Already on GitHub? Sign in to your account

Allow Unicode characters in GDScript identifiers #916

Closed
Zireael07 opened this issue May 27, 2020 · 46 comments · Fixed by godotengine/godot#71676
Closed

Allow Unicode characters in GDScript identifiers #916

Zireael07 opened this issue May 27, 2020 · 46 comments · Fixed by godotengine/godot#71676
Milestone

Comments

@Zireael07
Copy link

Describe the project you are working on:
2d space game

Describe the problem or limitation you are having in your project:
Can't use scientific symbols or accented letters (and my native language has some, often creating minimal pairs with unaccented ones) in variable names (scientific symbols would massively shorten some variables I use)

Another example use case: godotengine/godot#24785 (comment)

Describe the feature / enhancement and how it helps to overcome the problem or limitation:
Allow unicode characters in GDScript identifiers

Describe how your proposal will work, with code, pseudocode, mockups, and/or diagrams:

If this enhancement will not be used often, can it be worked around with a few lines of script?:
Nope, requires core changes (parser)

Is there a reason why this should be core and not an add-on in the asset library?:
Not possible to do via add-on due to parser changes.

Original issue: godotengine/godot#24785

IIRC this is not covered in @vnen's GDScript rework.

@Calinou
Copy link
Member

Calinou commented May 27, 2020

I think @vnen was working on adding this a few days ago.

@vnen
Copy link
Member

vnen commented May 27, 2020

Well, this works.
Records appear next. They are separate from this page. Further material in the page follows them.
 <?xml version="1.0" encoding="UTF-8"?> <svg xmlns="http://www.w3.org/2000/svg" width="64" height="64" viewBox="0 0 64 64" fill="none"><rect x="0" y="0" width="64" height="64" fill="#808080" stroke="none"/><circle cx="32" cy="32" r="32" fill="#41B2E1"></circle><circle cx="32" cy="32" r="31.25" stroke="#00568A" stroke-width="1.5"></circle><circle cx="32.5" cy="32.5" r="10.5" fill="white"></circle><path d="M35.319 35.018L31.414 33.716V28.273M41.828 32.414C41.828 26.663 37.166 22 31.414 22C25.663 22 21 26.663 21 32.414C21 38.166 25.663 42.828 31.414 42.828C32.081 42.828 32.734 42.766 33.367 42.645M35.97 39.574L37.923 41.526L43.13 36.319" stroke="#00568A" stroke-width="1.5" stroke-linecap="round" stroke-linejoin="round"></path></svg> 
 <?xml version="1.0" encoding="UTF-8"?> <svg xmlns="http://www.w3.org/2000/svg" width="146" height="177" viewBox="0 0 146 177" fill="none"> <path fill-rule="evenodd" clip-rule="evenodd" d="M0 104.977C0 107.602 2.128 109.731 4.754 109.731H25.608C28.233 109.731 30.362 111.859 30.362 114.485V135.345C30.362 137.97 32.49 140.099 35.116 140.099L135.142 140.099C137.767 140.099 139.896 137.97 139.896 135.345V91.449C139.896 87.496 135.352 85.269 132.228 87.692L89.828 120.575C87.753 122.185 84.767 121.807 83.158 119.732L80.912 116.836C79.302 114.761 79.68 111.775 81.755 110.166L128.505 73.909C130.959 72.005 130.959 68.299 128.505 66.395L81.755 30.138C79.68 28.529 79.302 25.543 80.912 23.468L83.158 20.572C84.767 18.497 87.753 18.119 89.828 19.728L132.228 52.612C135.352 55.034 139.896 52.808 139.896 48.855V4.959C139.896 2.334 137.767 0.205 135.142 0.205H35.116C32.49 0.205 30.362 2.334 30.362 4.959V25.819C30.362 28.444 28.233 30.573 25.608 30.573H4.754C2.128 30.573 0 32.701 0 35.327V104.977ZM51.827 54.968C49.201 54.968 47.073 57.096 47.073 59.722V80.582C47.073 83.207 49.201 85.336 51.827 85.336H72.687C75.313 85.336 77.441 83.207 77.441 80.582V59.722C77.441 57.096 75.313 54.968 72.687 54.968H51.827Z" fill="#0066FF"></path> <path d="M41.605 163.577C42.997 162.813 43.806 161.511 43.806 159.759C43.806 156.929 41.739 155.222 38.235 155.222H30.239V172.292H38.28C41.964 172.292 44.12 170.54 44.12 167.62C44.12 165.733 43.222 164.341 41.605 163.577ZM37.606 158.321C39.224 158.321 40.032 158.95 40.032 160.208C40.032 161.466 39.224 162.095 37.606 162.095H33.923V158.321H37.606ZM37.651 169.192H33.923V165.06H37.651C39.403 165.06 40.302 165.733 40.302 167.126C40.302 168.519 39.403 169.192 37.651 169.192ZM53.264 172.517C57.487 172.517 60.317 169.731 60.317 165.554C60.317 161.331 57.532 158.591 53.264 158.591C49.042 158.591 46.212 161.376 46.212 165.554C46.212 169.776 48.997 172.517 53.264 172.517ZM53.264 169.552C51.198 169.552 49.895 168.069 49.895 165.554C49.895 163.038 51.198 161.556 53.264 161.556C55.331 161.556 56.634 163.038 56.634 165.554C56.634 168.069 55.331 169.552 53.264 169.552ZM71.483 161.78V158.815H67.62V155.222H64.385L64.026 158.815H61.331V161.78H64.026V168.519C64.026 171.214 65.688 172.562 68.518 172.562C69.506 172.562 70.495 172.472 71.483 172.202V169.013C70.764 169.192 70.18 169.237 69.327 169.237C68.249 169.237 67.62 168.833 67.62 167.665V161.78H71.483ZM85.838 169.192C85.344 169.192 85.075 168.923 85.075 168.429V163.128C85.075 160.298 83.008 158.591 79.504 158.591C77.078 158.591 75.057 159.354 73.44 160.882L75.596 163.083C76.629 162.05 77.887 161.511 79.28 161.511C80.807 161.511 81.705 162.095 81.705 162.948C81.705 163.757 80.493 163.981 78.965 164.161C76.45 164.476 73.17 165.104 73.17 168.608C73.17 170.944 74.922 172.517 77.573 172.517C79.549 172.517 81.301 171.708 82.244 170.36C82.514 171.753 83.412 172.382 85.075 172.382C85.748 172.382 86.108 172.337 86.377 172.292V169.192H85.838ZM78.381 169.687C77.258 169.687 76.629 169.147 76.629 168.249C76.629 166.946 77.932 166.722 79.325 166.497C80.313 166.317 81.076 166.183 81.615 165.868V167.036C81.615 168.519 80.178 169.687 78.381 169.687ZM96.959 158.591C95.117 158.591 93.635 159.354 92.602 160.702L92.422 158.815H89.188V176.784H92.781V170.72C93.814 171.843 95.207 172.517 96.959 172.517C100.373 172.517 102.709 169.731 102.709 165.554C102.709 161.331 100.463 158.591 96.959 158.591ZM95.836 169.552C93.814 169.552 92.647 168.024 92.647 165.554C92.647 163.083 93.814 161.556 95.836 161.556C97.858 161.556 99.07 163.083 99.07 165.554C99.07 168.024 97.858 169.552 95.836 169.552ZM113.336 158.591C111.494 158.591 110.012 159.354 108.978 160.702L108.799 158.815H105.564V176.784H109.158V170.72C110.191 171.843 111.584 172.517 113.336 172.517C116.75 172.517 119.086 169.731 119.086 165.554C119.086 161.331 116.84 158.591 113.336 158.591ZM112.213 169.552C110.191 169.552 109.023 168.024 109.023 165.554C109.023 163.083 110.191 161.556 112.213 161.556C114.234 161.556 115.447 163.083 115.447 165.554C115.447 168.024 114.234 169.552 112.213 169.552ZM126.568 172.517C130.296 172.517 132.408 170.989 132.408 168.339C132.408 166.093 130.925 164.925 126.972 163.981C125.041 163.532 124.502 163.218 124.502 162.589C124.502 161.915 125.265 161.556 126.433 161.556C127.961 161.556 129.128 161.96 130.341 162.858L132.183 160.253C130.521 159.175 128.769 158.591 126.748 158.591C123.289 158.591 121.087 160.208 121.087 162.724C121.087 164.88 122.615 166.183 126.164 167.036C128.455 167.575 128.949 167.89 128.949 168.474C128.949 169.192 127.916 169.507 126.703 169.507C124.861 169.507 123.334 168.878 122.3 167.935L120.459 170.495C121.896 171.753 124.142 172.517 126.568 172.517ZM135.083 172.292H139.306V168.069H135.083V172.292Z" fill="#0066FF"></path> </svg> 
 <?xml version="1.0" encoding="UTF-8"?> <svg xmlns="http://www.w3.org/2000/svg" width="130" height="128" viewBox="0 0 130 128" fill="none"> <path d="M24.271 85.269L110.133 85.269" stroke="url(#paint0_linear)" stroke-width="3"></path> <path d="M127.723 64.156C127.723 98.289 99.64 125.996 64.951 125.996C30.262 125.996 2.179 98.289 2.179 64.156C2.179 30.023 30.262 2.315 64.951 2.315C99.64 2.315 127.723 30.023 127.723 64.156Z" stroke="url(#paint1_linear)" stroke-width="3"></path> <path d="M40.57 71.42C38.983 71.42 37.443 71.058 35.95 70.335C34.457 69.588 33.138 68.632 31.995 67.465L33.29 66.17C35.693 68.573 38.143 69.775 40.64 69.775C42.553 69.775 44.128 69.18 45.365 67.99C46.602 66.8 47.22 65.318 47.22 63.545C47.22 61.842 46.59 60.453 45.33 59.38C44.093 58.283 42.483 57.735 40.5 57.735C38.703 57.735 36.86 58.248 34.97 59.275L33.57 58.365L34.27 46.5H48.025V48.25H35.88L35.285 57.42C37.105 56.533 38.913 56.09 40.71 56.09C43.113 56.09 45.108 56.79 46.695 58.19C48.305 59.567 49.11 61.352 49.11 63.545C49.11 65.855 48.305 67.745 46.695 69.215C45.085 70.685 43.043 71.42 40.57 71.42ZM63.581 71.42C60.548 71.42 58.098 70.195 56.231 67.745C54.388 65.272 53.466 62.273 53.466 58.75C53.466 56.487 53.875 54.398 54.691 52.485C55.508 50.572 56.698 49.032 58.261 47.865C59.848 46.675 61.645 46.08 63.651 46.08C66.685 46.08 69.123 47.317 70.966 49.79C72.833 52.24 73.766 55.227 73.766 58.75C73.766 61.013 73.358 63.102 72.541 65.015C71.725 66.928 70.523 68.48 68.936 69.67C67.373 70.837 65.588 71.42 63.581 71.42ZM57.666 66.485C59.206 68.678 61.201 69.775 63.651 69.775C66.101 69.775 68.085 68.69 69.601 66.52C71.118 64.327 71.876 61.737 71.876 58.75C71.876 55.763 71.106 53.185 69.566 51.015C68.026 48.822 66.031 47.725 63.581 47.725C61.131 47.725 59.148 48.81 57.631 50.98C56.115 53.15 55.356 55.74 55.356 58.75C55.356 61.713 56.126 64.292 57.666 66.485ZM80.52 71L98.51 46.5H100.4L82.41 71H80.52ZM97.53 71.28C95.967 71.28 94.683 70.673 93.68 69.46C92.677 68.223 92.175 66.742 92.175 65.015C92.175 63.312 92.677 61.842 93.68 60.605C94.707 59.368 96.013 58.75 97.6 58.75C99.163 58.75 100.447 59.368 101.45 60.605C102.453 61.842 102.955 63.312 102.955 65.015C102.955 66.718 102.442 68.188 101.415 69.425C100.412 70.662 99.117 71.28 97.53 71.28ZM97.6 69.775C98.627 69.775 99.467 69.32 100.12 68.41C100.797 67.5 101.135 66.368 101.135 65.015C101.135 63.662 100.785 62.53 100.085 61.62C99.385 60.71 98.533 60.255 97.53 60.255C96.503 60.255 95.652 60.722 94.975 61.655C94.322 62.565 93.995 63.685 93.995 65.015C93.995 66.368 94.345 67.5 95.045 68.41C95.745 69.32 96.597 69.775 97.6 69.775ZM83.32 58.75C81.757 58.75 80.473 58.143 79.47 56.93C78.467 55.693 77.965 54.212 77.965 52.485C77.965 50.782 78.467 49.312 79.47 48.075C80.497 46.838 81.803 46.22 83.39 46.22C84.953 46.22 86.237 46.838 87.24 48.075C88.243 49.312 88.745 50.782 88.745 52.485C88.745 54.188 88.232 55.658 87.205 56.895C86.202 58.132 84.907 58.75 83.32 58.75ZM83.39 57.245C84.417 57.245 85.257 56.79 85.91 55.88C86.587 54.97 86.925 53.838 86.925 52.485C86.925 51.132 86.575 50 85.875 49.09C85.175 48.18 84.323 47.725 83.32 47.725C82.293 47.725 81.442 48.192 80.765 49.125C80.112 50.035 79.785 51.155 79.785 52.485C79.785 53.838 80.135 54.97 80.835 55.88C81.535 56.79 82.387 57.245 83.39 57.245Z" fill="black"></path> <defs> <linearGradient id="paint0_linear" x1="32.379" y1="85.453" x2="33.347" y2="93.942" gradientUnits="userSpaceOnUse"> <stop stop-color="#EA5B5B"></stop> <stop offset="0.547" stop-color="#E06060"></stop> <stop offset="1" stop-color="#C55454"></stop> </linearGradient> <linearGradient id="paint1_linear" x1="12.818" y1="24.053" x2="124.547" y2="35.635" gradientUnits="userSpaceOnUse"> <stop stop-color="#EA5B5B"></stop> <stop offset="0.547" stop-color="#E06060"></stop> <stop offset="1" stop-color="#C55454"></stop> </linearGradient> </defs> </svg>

Question is if we really want it:

gdscript-emoji

@vnen
Copy link
Member

vnen commented May 27, 2020

BTW, I did this very naively in this example, accepting anything that's beyond basic ASCII range. This would accept symbols and things that look like space to be part of identifiers.

Doing this properly would require following the Unicode Standard Annex 31: https://unicode.org/reports/tr31

Or maybe we can expect users to use this responsibly and any report of those characters being allowed will be closed as not-a-bug.

@Calinou
Copy link
Member

Calinou commented May 27, 2020

@vnen We could probably disallow having irregular whitespace characters anywhere else than in strings and comments.

@txj-mssl
Copy link

I would like to support the use of unicode for identifiers。
The end result of this question, support or no support?

@txj-mssl
Copy link

The popular c# and python both support unicode, and if godot wants to have more users in the non-English speaking world, it must support unicode

@Calinou Calinou changed the title Unicode characters in GDScript identifiers Allow Unicode characters in GDScript identifiers May 28, 2020
@vnen
Copy link
Member

vnen commented May 28, 2020

I would like to support the use of unicode for identifiers。
The end result of this question, support or no support?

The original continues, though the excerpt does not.